De esta manera, en el tipo tres, cada persona puede seguir su propia voluntad, controlándose a sí mismos. El gobernante opina que los ciudadanos son adultos y autónomos.

Aquí caen las ideas de J.S. Mill, de von Mises y de los proponentes de mercados libres. Ilustran bien estas ideas sus sueños de personas auto-gobernadas en sociedades donde la necesidad de un gobierno es mínima.

De todos los que dicen amar a la libertad, lo son solo los que caen dentro de ese tercer tipo.
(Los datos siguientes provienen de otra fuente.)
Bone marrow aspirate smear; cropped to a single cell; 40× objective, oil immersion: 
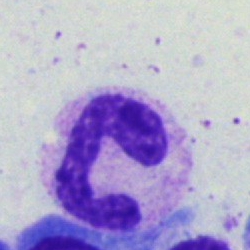The cell type is polymorphonuclear neutrophil.

Los demás quieren únicamente reemplazar a una autoridad que les es antipática y odiosa con otra autoridad a la que admiran y quieren, generalmente ellos mismos.

Concluyendo

Al final, lo que la idea del autor nos deja es la causa de diferencias en creencias políticas. Es obvio que quienes proponen medidas de expansión gubernamental son diferentes en sus visiones a quienes abogan por lo contrario.

Todo depende que qué es loo que el gobernante opina que son los ciudadanos. Adultos libres o menores de edad que necesitan ser protegidos.

Unos ven a la persona común como un desvalido, altamente dependiente. Los otros ven a la misma persona como capaz de valerse por sí mismo, autónomo, con responsabilidades. Es la mentalidad que establece al estado de bienestar.

Y esas visiones tan diferentes tienen un gran poder para hacer entender las razones por las que se lucha por el poder.

Quienes ven a los ciudadanos como seres menores de edad, incapaces e inhábiles, es lógico, quieren ellos el poder para sí mismos, para ser la guía de esos desventurados y desprotegidos.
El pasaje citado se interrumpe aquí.